#### [ABOUT THIS TASK]
Exactly as they appear, output all of the records. Skip any images.

#### [THE INPUT]

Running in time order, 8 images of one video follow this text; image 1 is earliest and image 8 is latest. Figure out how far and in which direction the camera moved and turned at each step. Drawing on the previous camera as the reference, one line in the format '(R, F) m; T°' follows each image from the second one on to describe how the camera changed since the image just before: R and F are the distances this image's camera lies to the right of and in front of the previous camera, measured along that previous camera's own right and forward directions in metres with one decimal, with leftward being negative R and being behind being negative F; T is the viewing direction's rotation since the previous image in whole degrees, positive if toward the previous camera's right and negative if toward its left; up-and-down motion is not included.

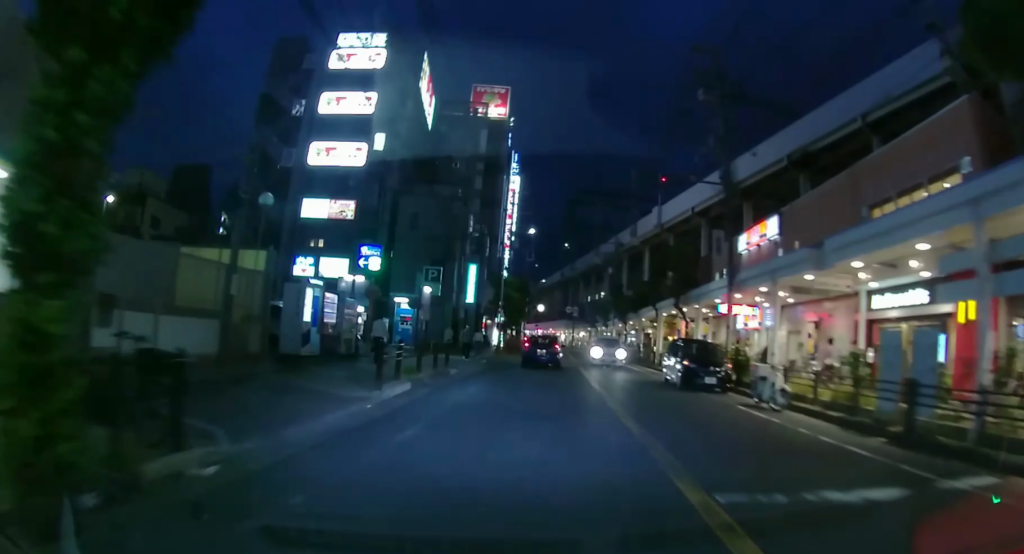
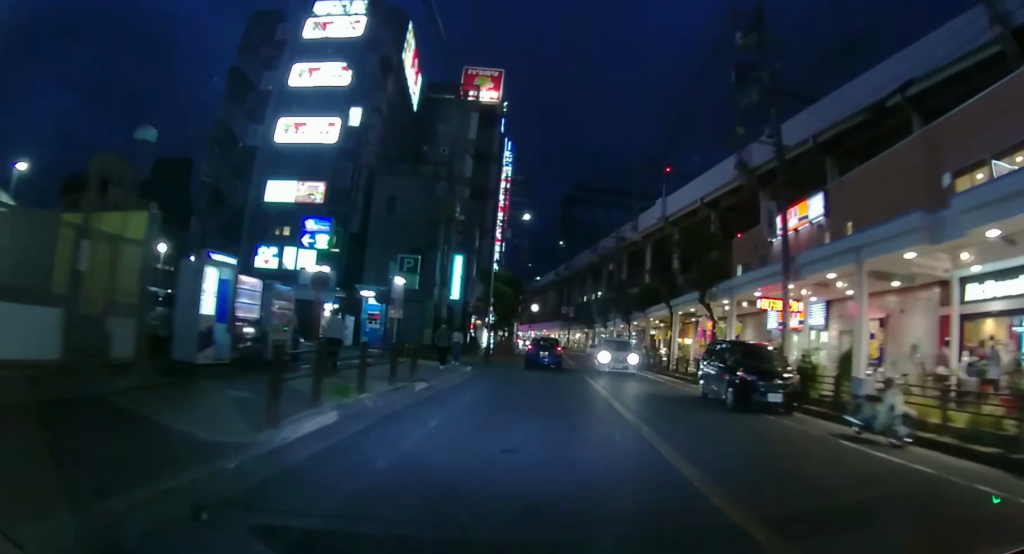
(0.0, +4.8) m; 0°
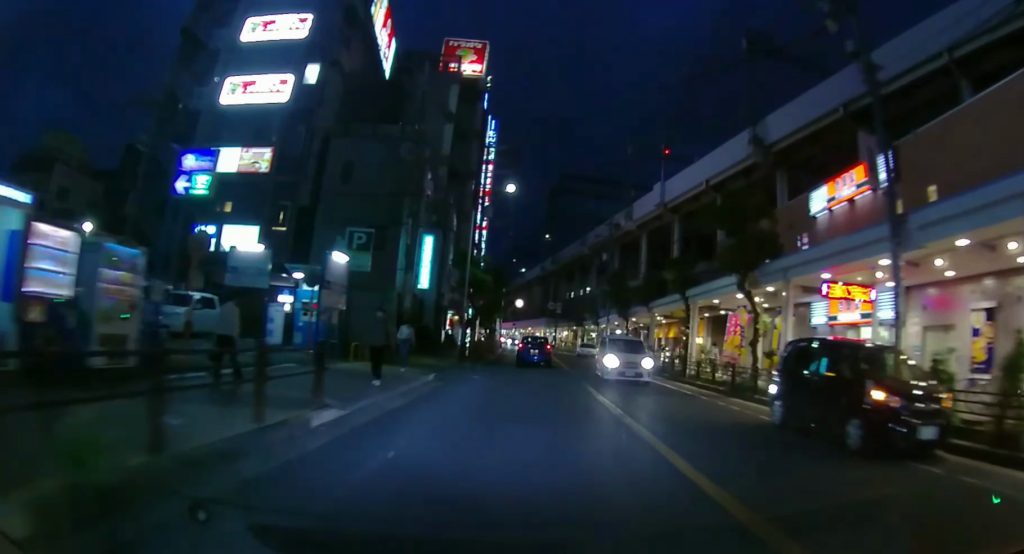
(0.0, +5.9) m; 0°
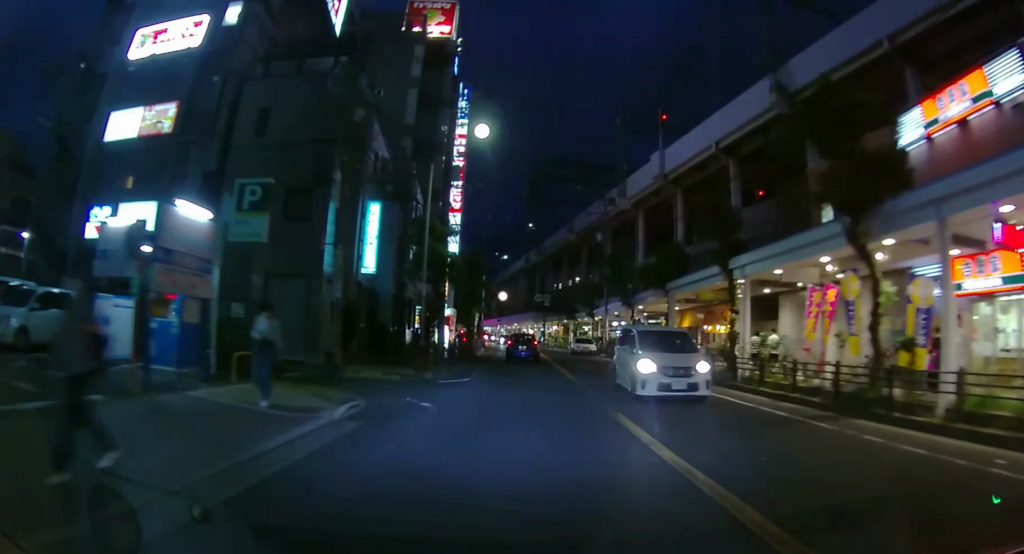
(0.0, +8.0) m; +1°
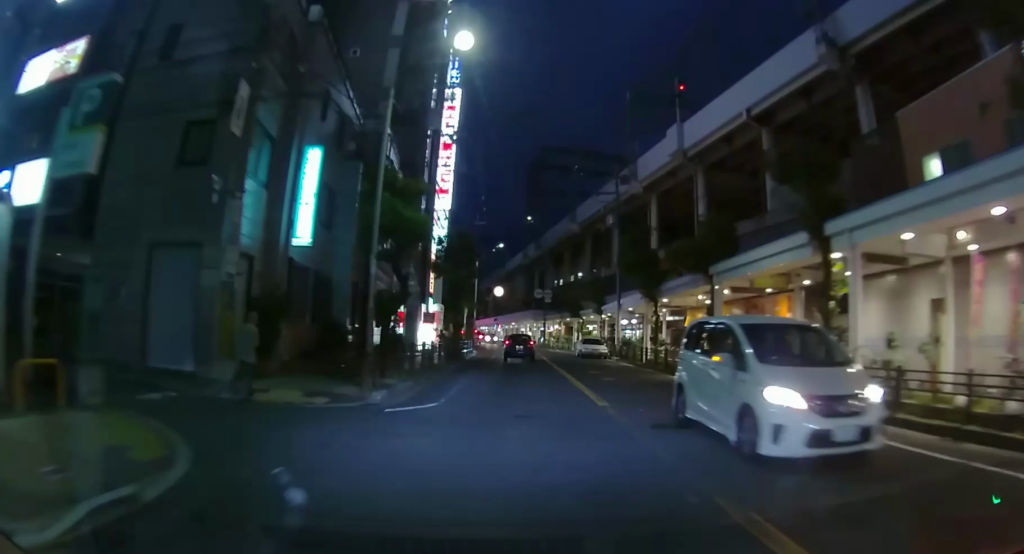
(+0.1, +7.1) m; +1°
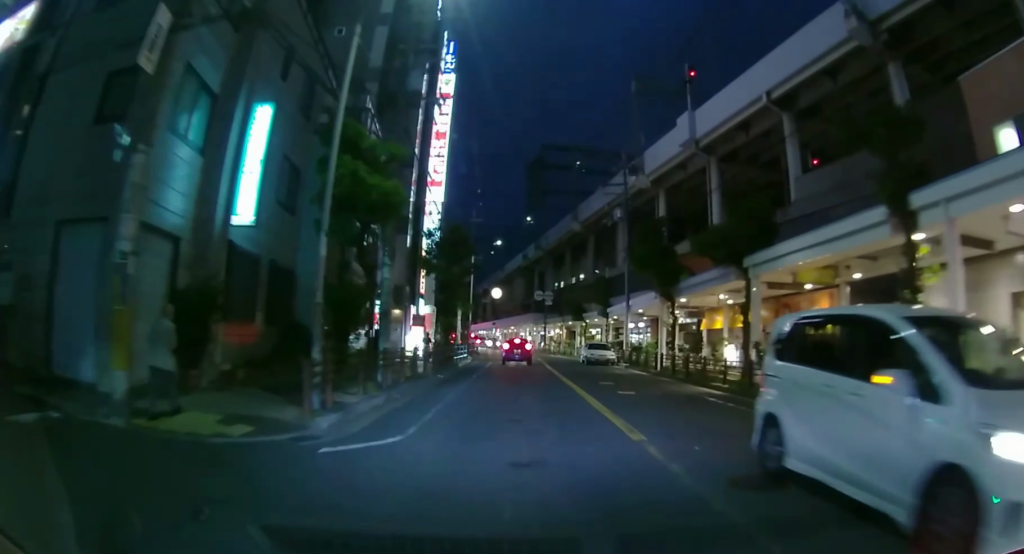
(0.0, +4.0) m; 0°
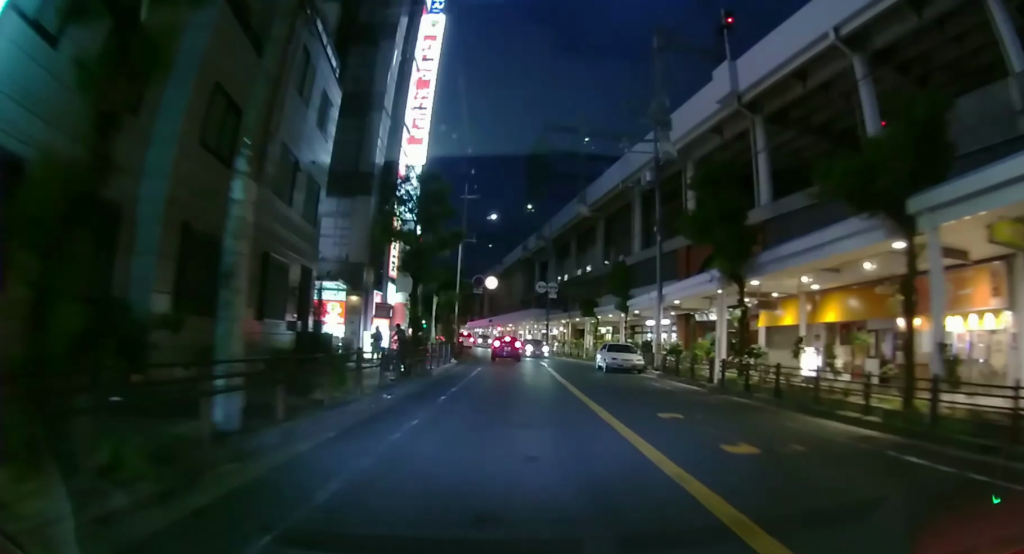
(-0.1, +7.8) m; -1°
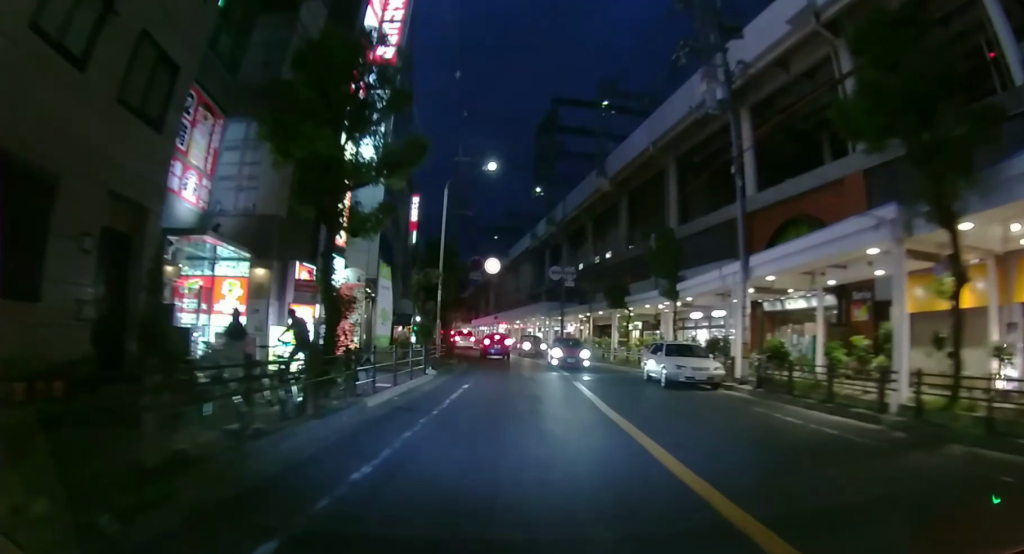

#### [EXERCISE RESULT]
Running in time order, 8 images of one video follow this text; image 1 is earliest and image 8 is latest. Figure out how far and in which direction the camera moved and turned at each step. Drawing on the previous camera as the reference, one line in the format '(R, F) m; T°' follows each image from the second one on to describe how the camera changed since the image just before: R and F are the distances this image's camera lies to the right of and in front of the previous camera, measured along that previous camera's own right and forward directions in metres with one decimal, with leftward being negative R and being behind being negative F; T is the viewing direction's rotation since the previous image in whole degrees, positive if toward the previous camera's right and negative if toward its left; up-and-down motion is not included.

(0.0, +4.8) m; 0°
(0.0, +5.9) m; 0°
(0.0, +8.0) m; +1°
(+0.1, +7.1) m; +1°
(0.0, +4.0) m; 0°
(-0.1, +7.8) m; -1°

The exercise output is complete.